While writing a short script to automate the download of a collection of EPUB files, I noticed that the content downloaded using cURL and the content download via the webpage were different. Notably, the content downloaded using cURL contained what appeared to be a redirection to the original HTML webpage.
URL='https://www.fadedpage.com/link.php?file=20151102.epub'
$ curl -v -X GET -L "${URL}" -o ebook.epub
...
< HTTP/2 200
< content-type: text/html; charset=UTF-8
...
I started diagosing the issue by examining the request made via the webpage using the Firefox Developer Tools. I noticed the request made via the webpage added several headers, which I had not added to the request made using cURL. Additionally, during my debugging I learned that you can copy the request as a cURL command by right-clicking the request in the Network tab and selecting Copy Value > Copy as cURL. The cURL request looked like this:
$ curl -v -X GET -L "${URL}" -o ebook.epub \
-H 'User-Agent: Mozilla/5.0 (Macintosh; Intel Mac OS X 10.15; rv:109.0) Gecko/20100101 Firefox/110.0' \
-H 'Accept: text/html,application/xhtml+xml,application/xml;q=0.9,image/avif,image/webp,*/*;q=0.8' \
-H 'Accept-Language: en-US,en;q=0.5' \
-H 'Accept-Encoding: gzip, deflate, br' \
-H 'Referer: https://www.fadedpage.com/showbook.php?pid=20151102' \
-H 'DNT: 1' \
-H 'Connection: keep-alive' \
-H 'Cookie: PHPSESSID=pkde44k2eqp4mvvvmueaqdscu6' \
-H 'Upgrade-Insecure-Requests: 1' \
-H 'Sec-Fetch-Dest: document' \
-H 'Sec-Fetch-Mode: navigate' \
-H 'Sec-Fetch-Site: same-origin'
...
< HTTP/2 200
< content-type: application/octet-stream
< content-length: 885413
< content-description: File Transfer
< content-disposition: attachment; filename=20151102.epub
< content-transfer-encoding: binary
That worked! I then removed one header at a time to determine which header allowed for the file download. I narrowed it down to the Cookie: PHPSESSID=pkde44k2eqp4mvvvmueaqdscu6
header. PHPSESSID
is a session cookie that is used to identify a user’s session on a website. Instead of navigating to the website to get a valid session cookie, I could retrieve a fresh one via cURL and use it in subsequent requests to download content:
while IFS=':' read -r key value; do
case "${key}" in
"set-cookie") SET_COOKIE="${value}";;
esac
done < <(curl --silent --head --location "${url}")

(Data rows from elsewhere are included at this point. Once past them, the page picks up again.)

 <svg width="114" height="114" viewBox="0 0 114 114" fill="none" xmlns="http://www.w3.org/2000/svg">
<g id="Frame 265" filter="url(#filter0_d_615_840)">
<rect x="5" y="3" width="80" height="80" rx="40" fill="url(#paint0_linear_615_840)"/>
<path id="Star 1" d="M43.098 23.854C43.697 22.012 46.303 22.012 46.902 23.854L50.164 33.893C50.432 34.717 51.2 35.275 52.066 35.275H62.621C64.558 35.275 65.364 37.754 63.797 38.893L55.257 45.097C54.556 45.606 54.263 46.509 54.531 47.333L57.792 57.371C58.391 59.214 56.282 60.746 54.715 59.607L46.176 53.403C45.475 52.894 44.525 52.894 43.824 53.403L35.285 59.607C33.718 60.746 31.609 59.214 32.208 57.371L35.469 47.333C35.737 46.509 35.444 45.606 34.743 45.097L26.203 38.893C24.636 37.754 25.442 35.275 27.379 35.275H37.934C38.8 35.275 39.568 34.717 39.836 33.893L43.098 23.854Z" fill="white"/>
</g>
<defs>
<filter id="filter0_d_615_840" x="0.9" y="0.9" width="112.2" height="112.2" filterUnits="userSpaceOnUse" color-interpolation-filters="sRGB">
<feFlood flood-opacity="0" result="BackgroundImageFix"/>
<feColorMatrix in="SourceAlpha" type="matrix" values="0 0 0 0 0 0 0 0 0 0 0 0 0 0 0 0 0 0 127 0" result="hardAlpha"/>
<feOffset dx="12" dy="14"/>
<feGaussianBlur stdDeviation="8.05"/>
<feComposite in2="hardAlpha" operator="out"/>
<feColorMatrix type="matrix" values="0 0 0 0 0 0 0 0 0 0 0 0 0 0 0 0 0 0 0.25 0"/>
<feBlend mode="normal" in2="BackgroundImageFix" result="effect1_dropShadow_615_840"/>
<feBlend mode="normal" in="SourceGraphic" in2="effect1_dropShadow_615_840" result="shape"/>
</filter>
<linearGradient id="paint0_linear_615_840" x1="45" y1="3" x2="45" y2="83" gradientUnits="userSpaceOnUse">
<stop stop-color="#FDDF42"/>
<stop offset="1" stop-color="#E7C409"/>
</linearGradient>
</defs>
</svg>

PHPSESSID="${SET_COOKIE#*PHPSESSID=}";PHPSESSID="${PHPSESSID%;*}"
curl --silent -X GET -L "${url}" -o "${filename}" \
-H "Cookie: PHPSESSID=${PHPSESSID}"
$ curl -v -X GET -L "${URL}" -o ebook.epub \
-H "Cookie: PHPSESSID=${PHPSESSID}"
...
< HTTP/2 200
< content-type: application/octet-stream
< content-length: 885413
< content-description: File Transfer
< content-disposition: attachment; filename=20151102.epub
< content-transfer-encoding: binary
Viola! With just a few hours of initial time investment a task that would have taken 5 minutes of clicking can know be completed in 5 seconds ๐.